In a lateral view, Figure 8 illustrates the stress on the prosthetic screws. Evidently, the most affected screws were located in the posterior region, near the loading. However, the stress may be affected by the superstructure material.

4. Discussion

The present study used a CAD software to design a tridimensional model of an edentulous maxilla and evaluated the stress–strain pattern of zygomatic dental implants with different superstructures. The null hypothesis was that stiffness from different materials does not affect the mechanical behavior of zygomatic implants in maxillary rehabilitation. This was rejected since there was a difference in the stress, as related to each simulated condition.

Based on the present simulation, the higher strain in the posterior peri-implant tissue near the zygomatic implant platform seems to be adequate, as the zygomatic implants and corresponding bone are well suited. This supports the relatively high success rate of zygomatic implants (12-year cumulative survival rate of 95.21%) and reinforces the treatment option as a predictable approach, especially in patients with limited maxillary bone density [33,34]. This simulation supports that properly placed implants provide the most predictable outcome, in terms of stress–strain behavior, which is likely to influence the success of treatment. The placement of zygomatic implants near the molar region seems to be ideal and has been previously reported in the literature [35,36,37].

As the data illustrated, the higher the stress concentration in the superstructure, the lower the stress on the zygomatic implant and its corresponding prosthetic screw. Therefore, considering only the stress values, zirconia can be considered as a material of choice due to its role in limiting the stress on implants and screws.
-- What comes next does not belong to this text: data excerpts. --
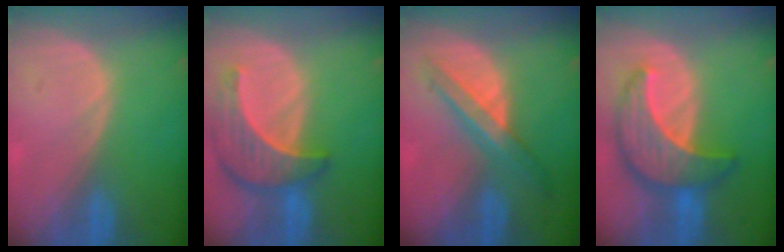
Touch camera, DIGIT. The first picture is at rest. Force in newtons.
{"total": 8.6, "press": 7.9, "slide": 3.3}
{"total": 7.1, "press": 6.0, "slide": 3.9}
{"total": 9.5, "press": 9.5, "slide": 0.7}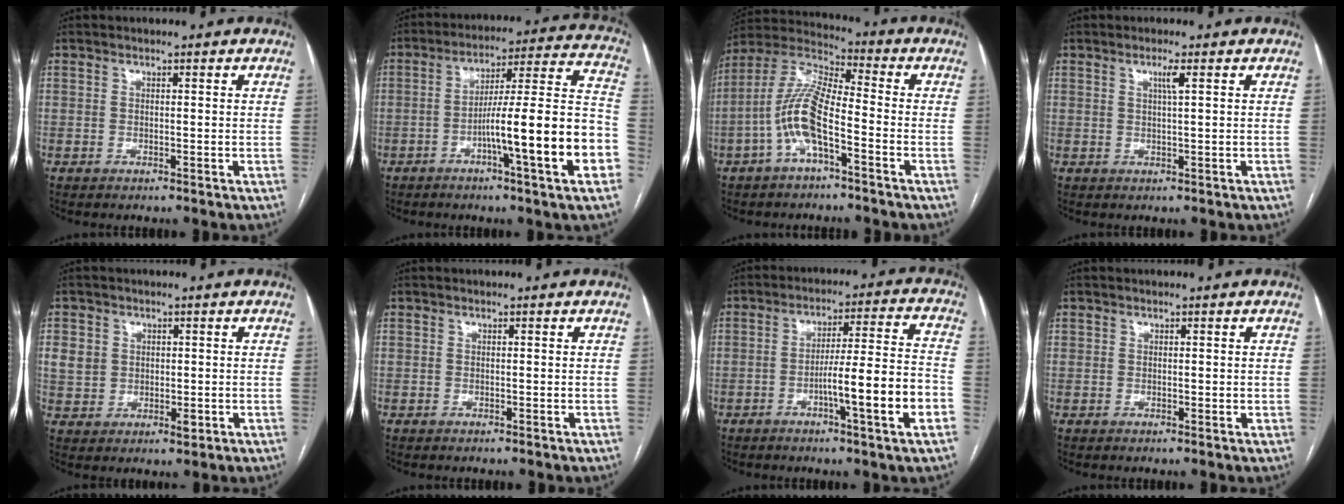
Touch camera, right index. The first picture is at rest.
{"total": 17.9, "force": [-6.1, 0.1, 16.8], "torque": [-0.216, 0.017, -0.092]}
{"total": 10.6, "force": [-3.8, 2.5, 9.6], "torque": [-0.210, 0.018, -0.076]}
{"total": 1.8, "force": [0.7, -0.3, 1.6], "torque": [-0.030, -0.002, 0.013]}
{"total": 5.4, "force": [0.7, 4.7, 2.6], "torque": [-0.047, 0.004, 0.021]}
{"total": 0.0}
{"total": 12.0, "force": [-4.3, -0.3, 11.2], "torque": [-0.174, 0.005, -0.066]}
{"total": 0.7, "force": [0.2, 0.6, 0.3], "torque": [0.002, 0.001, 0.000]}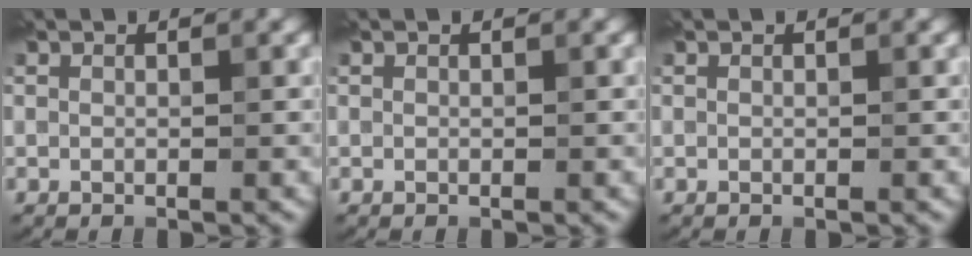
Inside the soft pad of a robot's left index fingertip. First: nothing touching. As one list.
[{"total": 0.0}, {"total": 0.0}]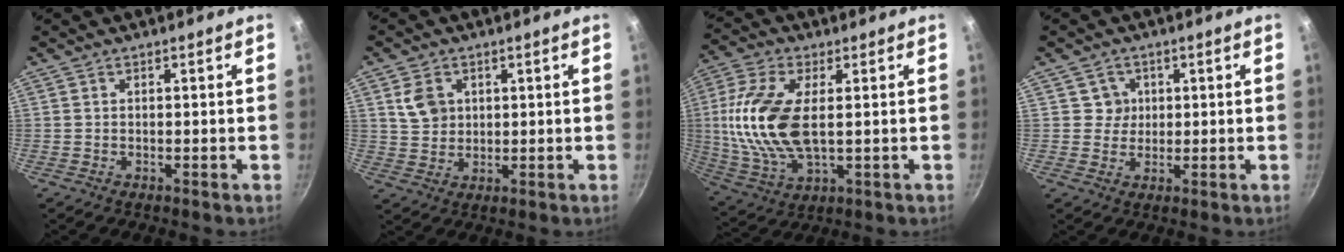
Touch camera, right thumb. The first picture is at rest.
{"total": 5.7, "force": [1.9, 4.6, 2.8], "torque": [-0.031, -0.003, 0.040]}
{"total": 16.7, "force": [1.7, 8.3, 14.4], "torque": [-0.295, -0.002, 0.031]}
{"total": 3.4, "force": [0.9, 3.3, 0.4], "torque": [0.022, 0.002, 0.009]}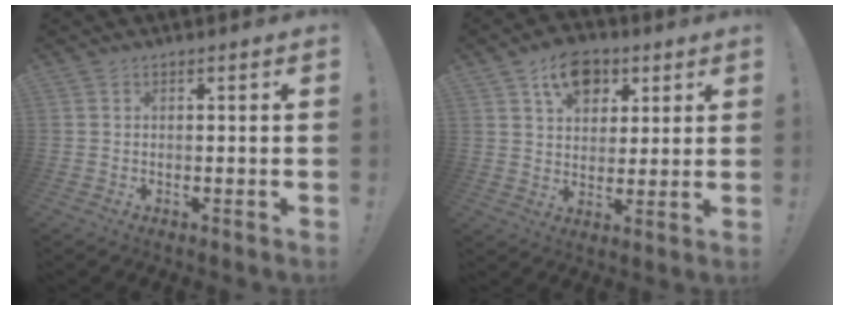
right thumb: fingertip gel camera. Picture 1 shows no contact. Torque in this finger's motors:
{"motor_torque": [0.25, 0.26, 0.12, 0.09, 0.03]}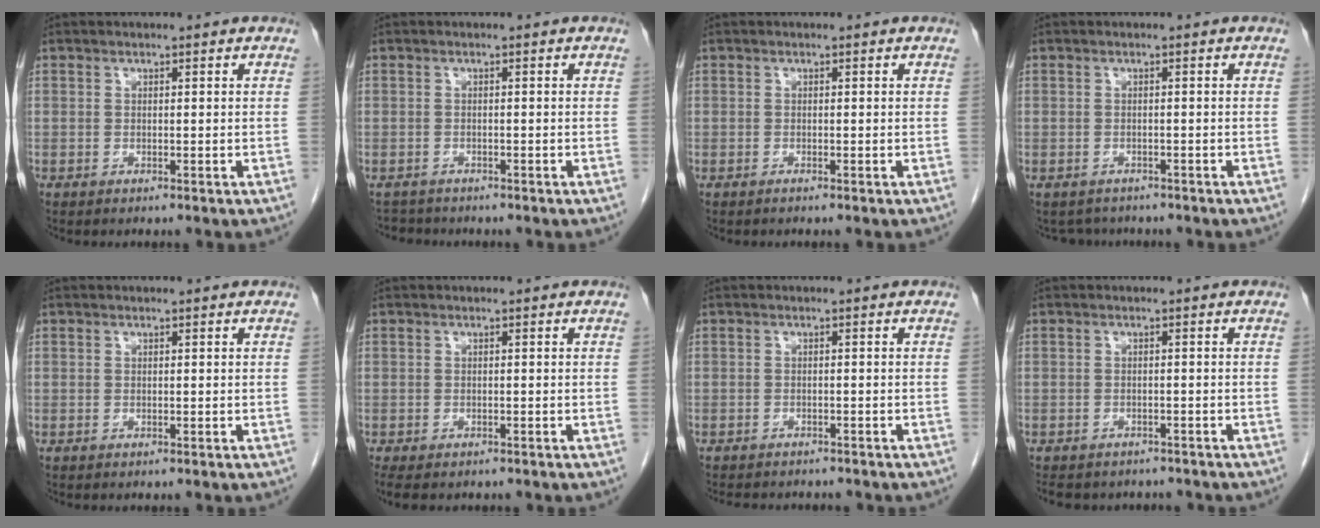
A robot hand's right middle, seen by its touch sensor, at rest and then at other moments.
{"total": 2.3, "force": [-2.2, 0.7, -0.3], "torque": [0.002, -0.005, -0.037]}
{"total": 0.0}
{"total": 3.1, "force": [-2.8, 1.3, 0.0], "torque": [-0.003, -0.001, -0.042]}
{"total": 0.0}
{"total": 5.5, "force": [-4.4, 2.2, 2.5], "torque": [-0.038, -0.008, -0.064]}
{"total": 6.9, "force": [-6.3, 1.9, 2.2], "torque": [-0.032, -0.003, -0.082]}
{"total": 9.0, "force": [-7.9, 3.6, 2.4], "torque": [-0.050, -0.001, -0.095]}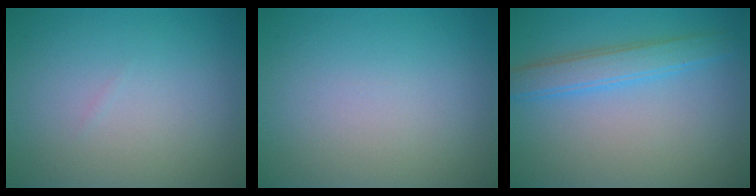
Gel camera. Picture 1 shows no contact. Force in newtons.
{"total": 0.0}
{"total": 2.4, "press": 2.4, "slide": 0.2}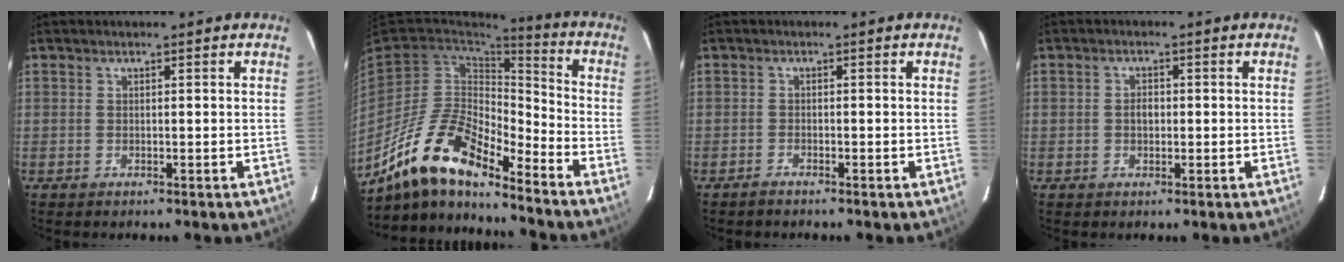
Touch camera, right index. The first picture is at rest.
{"total": 16.8, "force": [-12.6, 4.8, 10.0], "torque": [-0.193, -0.012, -0.241]}
{"total": 1.1, "force": [-1.1, 0.1, 0.3], "torque": [-0.016, 0.000, -0.023]}
{"total": 2.0, "force": [-0.2, 1.5, 1.3], "torque": [-0.023, 0.005, -0.004]}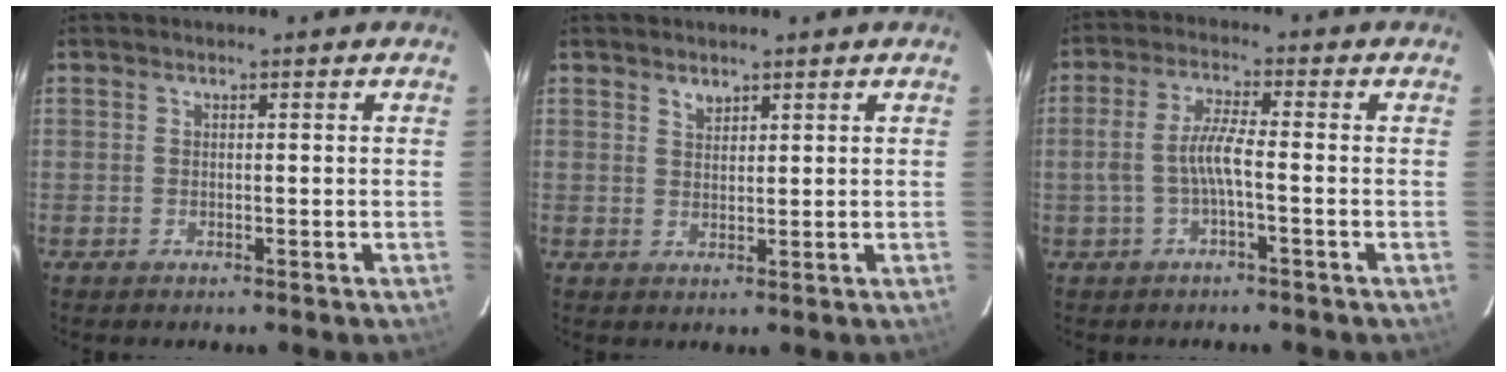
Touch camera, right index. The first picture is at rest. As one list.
[{"total": 1.9, "force": [1.5, 0.9, 0.7], "torque": [-0.009, 0.001, 0.028]}, {"total": 5.1, "force": [-1.5, 0.4, 4.8], "torque": [-0.104, 0.005, -0.025]}]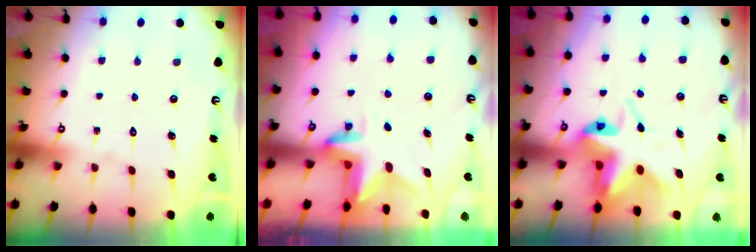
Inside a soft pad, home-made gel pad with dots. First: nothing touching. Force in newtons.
{"total": 3.2, "press": 3.2, "slide": 0.2}
{"total": 8.2, "press": 8.1, "slide": 0.6}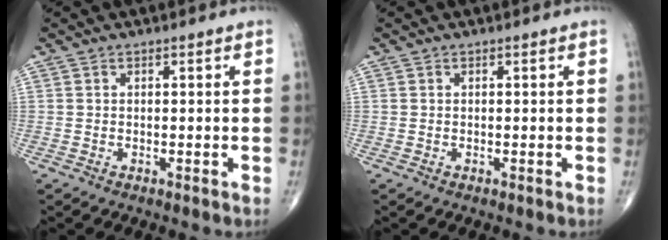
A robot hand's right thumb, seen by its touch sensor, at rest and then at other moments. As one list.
[{"total": 0.0}]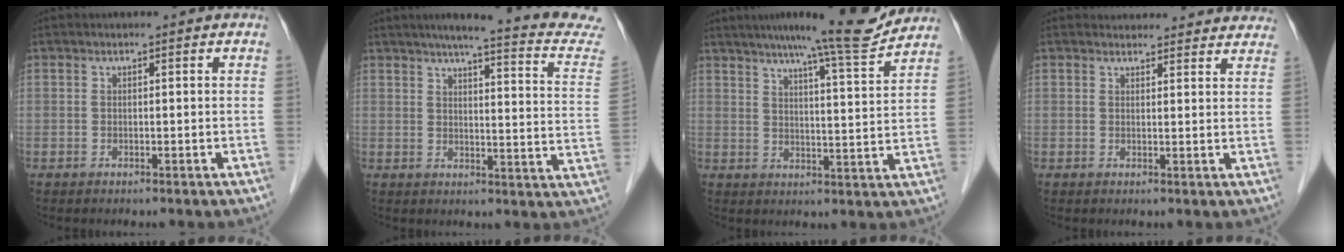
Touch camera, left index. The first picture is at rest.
{"total": 18.7, "force": [16.5, 0.2, 9.0], "torque": [-0.114, -0.048, 0.180]}
{"total": 11.7, "force": [10.6, -0.6, 4.9], "torque": [-0.073, -0.009, 0.144]}
{"total": 10.7, "force": [10.2, 3.0, 1.5], "torque": [0.012, 0.015, 0.097]}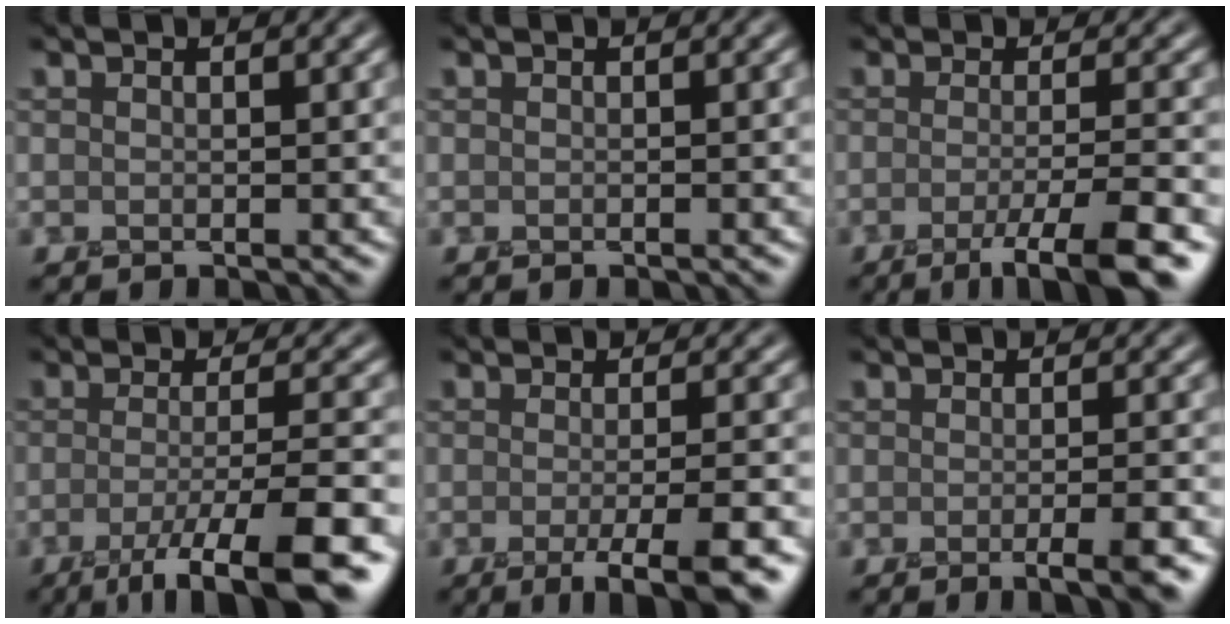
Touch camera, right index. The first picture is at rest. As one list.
[{"total": 0.0}, {"total": 5.7, "force": [-3.0, 1.0, 4.7], "torque": [-0.067, -0.006, -0.054]}, {"total": 7.9, "force": [-4.3, 1.5, 6.5], "torque": [-0.094, -0.006, -0.077]}, {"total": 6.9, "force": [-3.3, 1.6, 5.9], "torque": [-0.065, -0.012, -0.046]}, {"total": 3.4, "force": [-1.5, 0.7, 2.9], "torque": [-0.035, -0.007, -0.023]}]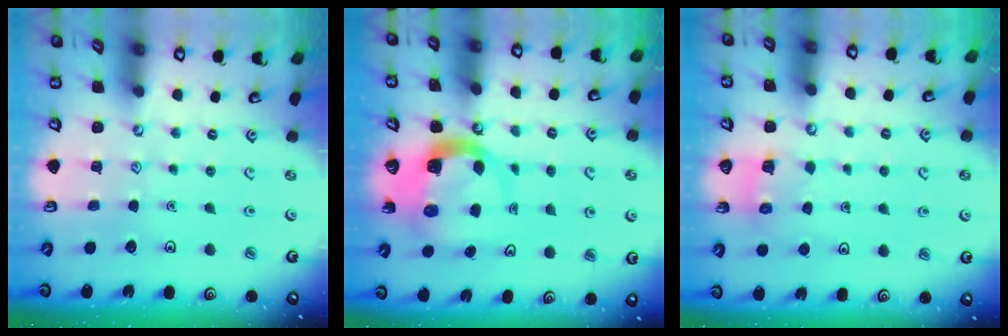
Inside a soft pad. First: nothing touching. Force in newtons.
{"total": 5.3, "press": 5.3, "slide": 0.8}
{"total": 2.5, "press": 2.5, "slide": 0.1}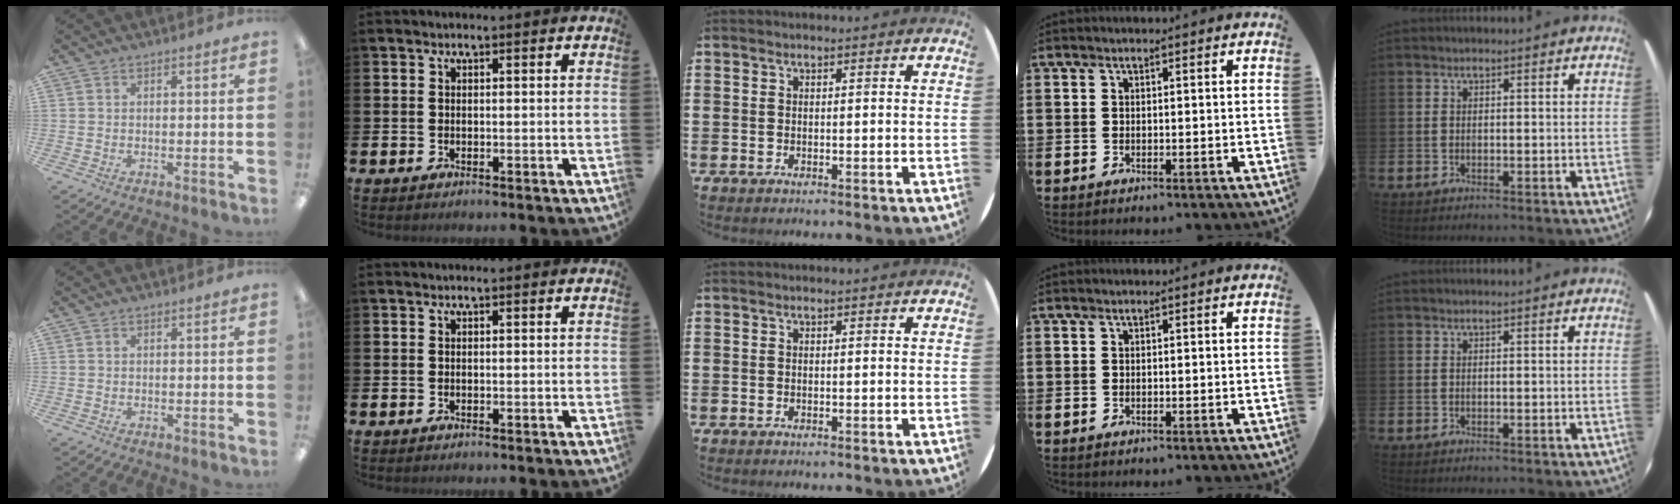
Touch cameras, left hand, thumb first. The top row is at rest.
{}

However, a previous literature review indicated that for implant-supported fixed dental prostheses, the conventionally bi-layered zirconia structure should not be considered as the material of choice, due to its high risk for fractures and chipping of the veneer material. Monolithic zirconia may be a promising alternative, but more clinical data are required [38].

Future research may explore 3D printed and additively manufactured superstructure materials, specifically a titanium alloy and zirconia, either in a solid form or in the newly explored lattice structure [36]. The lattice structure may provide a mechanical behavior that could be favorable for long-term success. Moreover, additive manufactured workflows have been explored that provide drastic improvements in efficiency and cost [36]. The fabrication pathway could also be delivered at the point of care, as a customized patient-specific prosthesis, dramatically improving the workflow. Therefore, the processing method may affect the accessibility and sustainability of this treatment modality and further studies are required to confirm this hypothesis.

In the maxilla, the pneumatization of the maxillary sinuses, centripetal alveolar resorption pattern, nasal fossae and nasopalatal duct may lead to severe atrophy [37]. The rehabilitation of the severe atrophic maxillary could include different techniques that have shown different success and survival rates [38,39,40,41,42,43,44]. In the present simulation, the modelling considered the zygoma anatomy-guided approach, considering a ZAGA type II with a combined extra- and intra-sinus path with most of the implant body being located extra-sinusally [45]. However, other conditions could modify the results presented and should be evaluated further [45,46,47,48,49].

To clarify the impact of implant surgery, a previous study evaluated and compared 3 zygomatic implantation approaches for the restoration of the extensively atrophied edentulous maxilla using a finite element method [47]. According to the authors, all simulated zygomatic implant systems resulted in homogeneous load distribution and thus could be used to rehabilitate the edentulous maxilla. However, the exteriorized method, with one dental implant in the lateral incisor area, seemed to be the most suitable reconstruction method for the severely resorbed edentulous maxilla [47]. That model is very similar to the model simulated in this investigation.

Guided Bone Regeneration (GBR) with titanium meshes [39,40], bone grafts [40,41] and sinus lifting surgeries [38,39,40,41,42] are associated with post-operative complications, long rehabilitative times and high cost. Zygomatic implants [43], splinted with conventional implants, may be considered an alternative to bone augmentation surgery in patients with a severely atrophic maxilla that prefer a fixed prosthetic rehabilitation that can be reliable, even with immediate loading. The present investigation supports this information, suggesting that a stiffer framework should be used for an improved stress distribution. The rehabilitation of patients with zygomatic implants, splinted with a superstructure, may be manufactured from different materials leading to a different pattern for the stress distribution. Since the 3D-FEM analysis is a reliable technique to evaluate the stress patterns comparing different materials [44], it was the methodologic approach applied in this study.

A previous finite element study evaluated the extent of micromotion of implants under immediate loading supported by titanium and CoCr superstructures [2]. The authors used a 3D model of a half-edentulous maxilla with a zygomatic posterior implant. Similar to the present study, they found that the greatest amount of micromotion occurred on the implant where the load was applied. However, they also found that the extent of micromotion was slightly higher in the implants with CoCr alloy superstructure. In the reported study, some factors influenced their results. The first was the absence of threads in the dental implants, which reduced the primary implant stability. Secondly, was the simulation of a non-linear condition with coefficient of friction between the surface of the implant and the neighboring bone [2].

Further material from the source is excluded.